* _AIM OF THE TASK_: Filter the entries that follow, copying every line in which the word "planar" appears.

(Dataset items)
>>>>
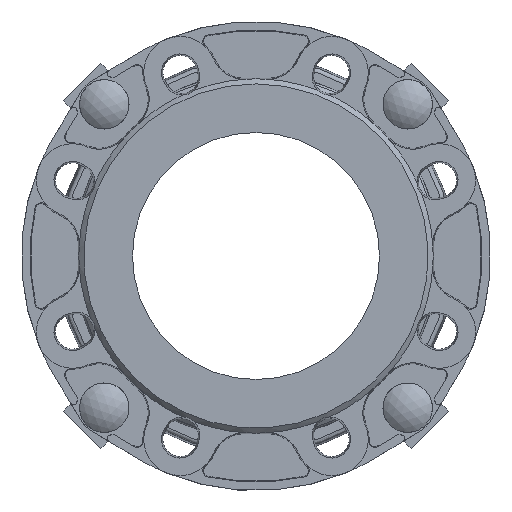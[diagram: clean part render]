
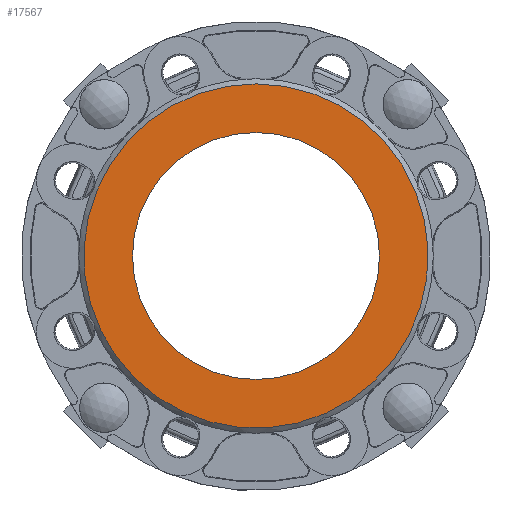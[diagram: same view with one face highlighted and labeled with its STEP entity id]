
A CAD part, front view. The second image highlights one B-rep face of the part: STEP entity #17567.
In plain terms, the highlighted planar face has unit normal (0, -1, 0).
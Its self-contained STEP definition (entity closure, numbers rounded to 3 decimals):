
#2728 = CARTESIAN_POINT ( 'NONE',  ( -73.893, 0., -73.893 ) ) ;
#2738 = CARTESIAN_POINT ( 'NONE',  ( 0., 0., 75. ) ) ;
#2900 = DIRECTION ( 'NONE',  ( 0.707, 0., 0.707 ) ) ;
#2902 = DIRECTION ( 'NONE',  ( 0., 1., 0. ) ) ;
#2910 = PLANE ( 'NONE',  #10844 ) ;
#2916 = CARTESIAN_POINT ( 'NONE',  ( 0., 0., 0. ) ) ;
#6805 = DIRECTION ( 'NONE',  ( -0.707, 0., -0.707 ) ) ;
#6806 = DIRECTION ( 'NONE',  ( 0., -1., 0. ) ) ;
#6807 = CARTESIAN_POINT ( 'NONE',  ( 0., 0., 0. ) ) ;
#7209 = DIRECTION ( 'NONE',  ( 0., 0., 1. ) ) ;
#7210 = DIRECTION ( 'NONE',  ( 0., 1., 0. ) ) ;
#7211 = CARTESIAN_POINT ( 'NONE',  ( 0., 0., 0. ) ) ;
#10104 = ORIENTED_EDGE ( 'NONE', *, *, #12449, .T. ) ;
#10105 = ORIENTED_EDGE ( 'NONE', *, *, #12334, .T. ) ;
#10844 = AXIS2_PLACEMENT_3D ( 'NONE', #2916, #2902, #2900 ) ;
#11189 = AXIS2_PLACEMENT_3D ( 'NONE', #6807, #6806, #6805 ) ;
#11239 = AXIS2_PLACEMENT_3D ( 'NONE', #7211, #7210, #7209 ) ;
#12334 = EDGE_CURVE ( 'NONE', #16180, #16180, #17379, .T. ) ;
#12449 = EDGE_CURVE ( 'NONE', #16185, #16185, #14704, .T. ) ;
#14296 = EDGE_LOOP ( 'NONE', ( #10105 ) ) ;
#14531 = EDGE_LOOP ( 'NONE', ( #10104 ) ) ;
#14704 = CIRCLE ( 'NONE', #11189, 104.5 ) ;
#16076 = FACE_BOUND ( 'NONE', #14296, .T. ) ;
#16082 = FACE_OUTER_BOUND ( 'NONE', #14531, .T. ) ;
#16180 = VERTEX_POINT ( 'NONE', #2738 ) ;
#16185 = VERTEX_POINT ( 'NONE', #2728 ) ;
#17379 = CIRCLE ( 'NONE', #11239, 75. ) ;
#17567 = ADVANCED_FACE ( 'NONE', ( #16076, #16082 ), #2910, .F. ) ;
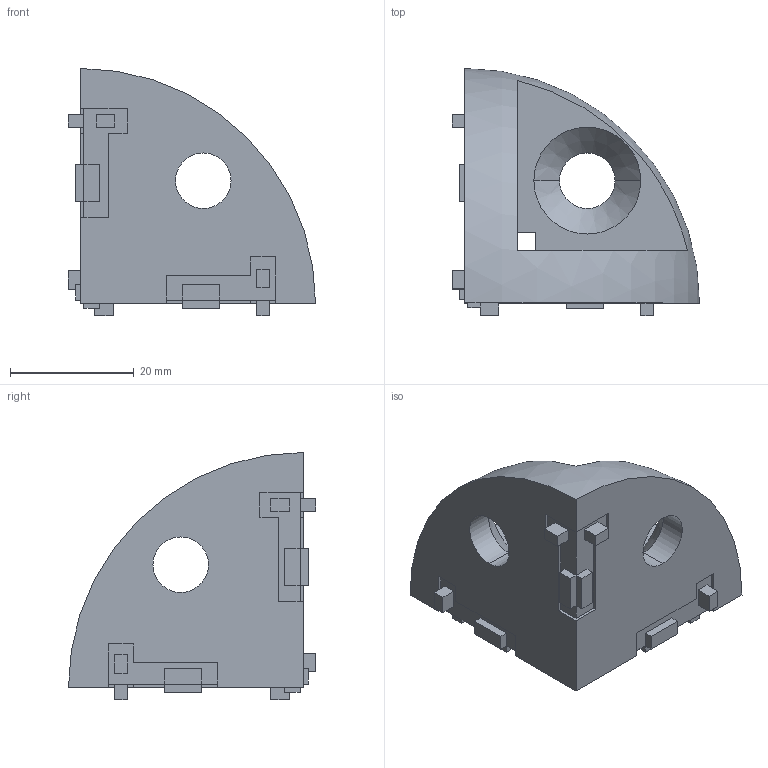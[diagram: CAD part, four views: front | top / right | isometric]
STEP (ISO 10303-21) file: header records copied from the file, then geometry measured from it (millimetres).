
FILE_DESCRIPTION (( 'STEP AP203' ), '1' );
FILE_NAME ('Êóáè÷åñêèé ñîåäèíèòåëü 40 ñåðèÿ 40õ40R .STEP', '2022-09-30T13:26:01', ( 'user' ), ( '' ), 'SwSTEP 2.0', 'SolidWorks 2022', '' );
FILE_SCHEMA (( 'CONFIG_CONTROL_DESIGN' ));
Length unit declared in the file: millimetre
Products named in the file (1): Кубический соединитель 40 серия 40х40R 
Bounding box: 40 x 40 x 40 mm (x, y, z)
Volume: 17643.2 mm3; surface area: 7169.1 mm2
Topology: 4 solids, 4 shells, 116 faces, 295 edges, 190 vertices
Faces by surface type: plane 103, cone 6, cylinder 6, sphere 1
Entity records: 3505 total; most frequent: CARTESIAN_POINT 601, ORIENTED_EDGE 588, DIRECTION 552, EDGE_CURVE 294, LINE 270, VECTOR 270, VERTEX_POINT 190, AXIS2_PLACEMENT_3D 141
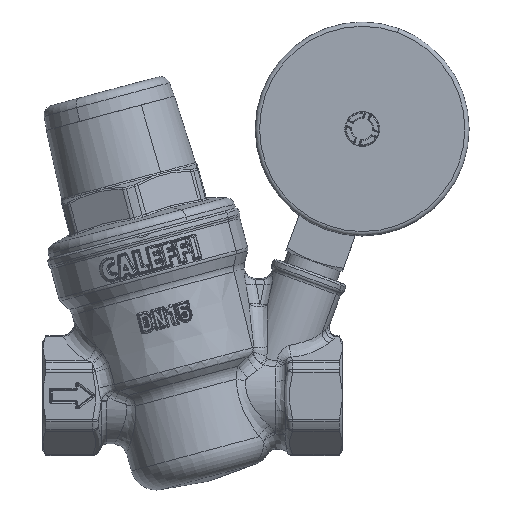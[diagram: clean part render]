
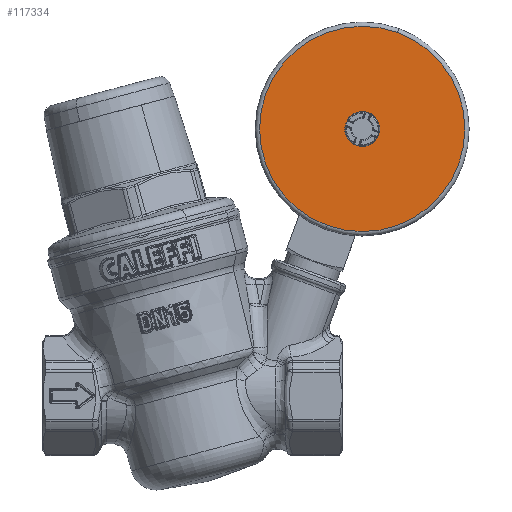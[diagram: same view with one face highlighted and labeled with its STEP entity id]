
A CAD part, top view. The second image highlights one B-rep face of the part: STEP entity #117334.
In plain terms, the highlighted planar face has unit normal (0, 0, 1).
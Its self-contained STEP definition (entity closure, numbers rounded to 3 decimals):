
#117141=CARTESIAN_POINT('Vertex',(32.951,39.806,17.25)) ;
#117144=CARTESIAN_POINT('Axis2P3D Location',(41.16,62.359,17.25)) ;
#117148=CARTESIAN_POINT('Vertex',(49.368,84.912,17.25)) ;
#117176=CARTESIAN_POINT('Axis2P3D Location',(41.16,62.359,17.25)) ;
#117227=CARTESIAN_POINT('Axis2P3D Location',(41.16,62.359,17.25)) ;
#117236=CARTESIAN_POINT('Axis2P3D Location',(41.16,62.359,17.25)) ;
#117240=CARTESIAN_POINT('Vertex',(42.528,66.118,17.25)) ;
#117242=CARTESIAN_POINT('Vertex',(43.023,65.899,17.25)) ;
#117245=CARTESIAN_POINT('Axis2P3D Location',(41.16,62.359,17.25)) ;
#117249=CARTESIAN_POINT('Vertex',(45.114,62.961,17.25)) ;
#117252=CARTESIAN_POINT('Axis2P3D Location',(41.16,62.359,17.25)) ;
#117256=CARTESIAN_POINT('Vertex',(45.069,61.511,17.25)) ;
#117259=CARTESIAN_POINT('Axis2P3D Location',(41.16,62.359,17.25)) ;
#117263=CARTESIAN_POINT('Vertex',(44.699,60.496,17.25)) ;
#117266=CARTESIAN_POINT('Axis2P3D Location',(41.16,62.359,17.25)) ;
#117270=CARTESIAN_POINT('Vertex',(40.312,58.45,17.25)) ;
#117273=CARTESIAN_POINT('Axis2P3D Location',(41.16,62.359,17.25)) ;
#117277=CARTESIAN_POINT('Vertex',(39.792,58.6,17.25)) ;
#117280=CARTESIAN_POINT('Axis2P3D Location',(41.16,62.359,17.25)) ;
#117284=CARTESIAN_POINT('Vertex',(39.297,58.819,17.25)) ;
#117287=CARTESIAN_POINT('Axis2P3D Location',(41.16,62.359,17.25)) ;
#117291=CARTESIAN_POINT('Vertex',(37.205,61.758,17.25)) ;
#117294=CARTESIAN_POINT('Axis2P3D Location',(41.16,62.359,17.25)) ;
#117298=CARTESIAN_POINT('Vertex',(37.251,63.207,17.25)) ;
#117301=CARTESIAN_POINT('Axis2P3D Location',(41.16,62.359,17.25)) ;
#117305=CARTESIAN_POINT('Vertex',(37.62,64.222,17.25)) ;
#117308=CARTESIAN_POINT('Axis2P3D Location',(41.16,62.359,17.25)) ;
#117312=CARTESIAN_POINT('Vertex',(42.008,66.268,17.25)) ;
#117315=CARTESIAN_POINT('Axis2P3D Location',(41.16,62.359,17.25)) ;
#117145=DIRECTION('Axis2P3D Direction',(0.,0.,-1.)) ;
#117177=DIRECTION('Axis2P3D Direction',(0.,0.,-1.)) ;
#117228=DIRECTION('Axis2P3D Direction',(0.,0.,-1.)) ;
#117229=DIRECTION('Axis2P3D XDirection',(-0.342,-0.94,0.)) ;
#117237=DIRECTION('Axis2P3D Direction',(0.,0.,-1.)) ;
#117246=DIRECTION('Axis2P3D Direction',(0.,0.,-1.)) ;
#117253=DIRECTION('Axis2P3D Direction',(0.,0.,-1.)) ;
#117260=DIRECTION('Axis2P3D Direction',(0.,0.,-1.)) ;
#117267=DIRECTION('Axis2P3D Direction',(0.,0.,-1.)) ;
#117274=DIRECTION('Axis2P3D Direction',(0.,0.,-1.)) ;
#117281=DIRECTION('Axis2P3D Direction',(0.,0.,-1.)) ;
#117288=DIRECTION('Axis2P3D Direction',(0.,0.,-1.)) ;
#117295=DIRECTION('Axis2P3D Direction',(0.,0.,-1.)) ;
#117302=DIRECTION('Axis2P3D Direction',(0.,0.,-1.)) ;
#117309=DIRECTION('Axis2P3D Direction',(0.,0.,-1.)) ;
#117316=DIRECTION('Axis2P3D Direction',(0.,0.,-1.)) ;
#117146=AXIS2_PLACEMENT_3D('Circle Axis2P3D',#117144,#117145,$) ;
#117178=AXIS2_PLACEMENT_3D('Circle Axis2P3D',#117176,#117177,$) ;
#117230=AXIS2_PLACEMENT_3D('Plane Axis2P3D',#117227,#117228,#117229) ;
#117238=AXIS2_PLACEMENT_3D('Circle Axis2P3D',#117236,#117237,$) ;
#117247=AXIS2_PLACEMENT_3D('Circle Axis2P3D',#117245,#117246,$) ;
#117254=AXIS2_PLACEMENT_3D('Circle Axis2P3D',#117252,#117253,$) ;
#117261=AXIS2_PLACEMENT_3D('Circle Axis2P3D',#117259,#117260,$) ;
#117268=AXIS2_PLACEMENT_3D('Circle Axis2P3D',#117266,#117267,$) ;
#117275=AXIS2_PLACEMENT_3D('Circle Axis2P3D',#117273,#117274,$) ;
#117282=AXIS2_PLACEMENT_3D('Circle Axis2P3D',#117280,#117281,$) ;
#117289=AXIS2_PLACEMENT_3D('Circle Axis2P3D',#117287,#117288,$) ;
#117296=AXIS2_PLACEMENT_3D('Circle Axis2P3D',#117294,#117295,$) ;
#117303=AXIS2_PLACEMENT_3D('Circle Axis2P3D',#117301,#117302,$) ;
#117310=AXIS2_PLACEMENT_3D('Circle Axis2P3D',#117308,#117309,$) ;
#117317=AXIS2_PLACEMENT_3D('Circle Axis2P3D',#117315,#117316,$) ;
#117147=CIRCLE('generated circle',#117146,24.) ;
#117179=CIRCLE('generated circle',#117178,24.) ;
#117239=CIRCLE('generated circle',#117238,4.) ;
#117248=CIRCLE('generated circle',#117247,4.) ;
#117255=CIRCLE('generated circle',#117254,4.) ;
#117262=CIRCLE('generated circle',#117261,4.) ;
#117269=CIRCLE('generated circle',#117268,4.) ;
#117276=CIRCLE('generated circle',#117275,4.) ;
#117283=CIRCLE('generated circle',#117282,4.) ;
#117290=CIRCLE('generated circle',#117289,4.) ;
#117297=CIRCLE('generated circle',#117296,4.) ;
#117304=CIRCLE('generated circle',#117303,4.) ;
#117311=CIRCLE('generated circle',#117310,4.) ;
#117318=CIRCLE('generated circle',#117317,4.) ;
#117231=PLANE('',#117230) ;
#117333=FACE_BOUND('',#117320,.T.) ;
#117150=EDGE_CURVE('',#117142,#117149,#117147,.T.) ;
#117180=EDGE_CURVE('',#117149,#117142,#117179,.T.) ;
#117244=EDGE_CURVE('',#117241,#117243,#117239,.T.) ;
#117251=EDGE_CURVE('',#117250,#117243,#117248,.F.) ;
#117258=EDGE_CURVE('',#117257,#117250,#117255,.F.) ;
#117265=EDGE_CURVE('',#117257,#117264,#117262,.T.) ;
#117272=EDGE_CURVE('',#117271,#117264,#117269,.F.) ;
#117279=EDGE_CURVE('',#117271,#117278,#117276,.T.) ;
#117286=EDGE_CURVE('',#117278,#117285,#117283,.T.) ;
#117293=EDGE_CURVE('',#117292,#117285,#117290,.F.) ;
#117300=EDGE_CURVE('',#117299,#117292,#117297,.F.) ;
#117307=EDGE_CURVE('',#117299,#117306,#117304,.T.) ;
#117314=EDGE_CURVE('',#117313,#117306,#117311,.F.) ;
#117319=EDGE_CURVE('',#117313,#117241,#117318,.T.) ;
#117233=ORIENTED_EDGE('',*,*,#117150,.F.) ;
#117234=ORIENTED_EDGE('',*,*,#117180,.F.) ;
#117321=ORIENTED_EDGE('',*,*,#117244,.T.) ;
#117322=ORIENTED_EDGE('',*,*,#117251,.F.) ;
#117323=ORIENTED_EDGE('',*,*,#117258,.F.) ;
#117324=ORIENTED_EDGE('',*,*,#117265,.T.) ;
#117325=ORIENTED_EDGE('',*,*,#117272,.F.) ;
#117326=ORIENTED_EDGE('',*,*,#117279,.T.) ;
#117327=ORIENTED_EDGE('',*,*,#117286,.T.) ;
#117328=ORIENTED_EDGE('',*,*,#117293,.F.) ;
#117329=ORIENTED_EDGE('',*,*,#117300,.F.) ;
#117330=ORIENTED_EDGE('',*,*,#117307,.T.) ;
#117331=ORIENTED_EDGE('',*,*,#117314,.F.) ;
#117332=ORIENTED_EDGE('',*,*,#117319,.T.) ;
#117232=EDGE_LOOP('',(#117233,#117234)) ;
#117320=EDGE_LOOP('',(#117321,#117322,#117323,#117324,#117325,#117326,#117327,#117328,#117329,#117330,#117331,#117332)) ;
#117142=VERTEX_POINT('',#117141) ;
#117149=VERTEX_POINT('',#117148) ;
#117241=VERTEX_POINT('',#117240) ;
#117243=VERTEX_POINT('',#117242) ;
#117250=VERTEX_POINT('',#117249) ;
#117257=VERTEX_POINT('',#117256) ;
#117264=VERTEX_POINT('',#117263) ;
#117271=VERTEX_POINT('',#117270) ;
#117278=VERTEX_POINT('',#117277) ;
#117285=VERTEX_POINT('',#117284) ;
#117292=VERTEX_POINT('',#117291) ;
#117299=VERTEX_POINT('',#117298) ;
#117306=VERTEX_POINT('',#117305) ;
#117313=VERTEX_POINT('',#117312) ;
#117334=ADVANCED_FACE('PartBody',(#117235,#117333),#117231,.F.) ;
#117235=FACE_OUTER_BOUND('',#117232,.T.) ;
<<<<
* _ANSWER TO THIS EXERCISE_:
In plain terms, the highlighted planar face has unit normal (0, -1, 0).
In plain terms, the highlighted planar face has unit normal (0, 0, 1).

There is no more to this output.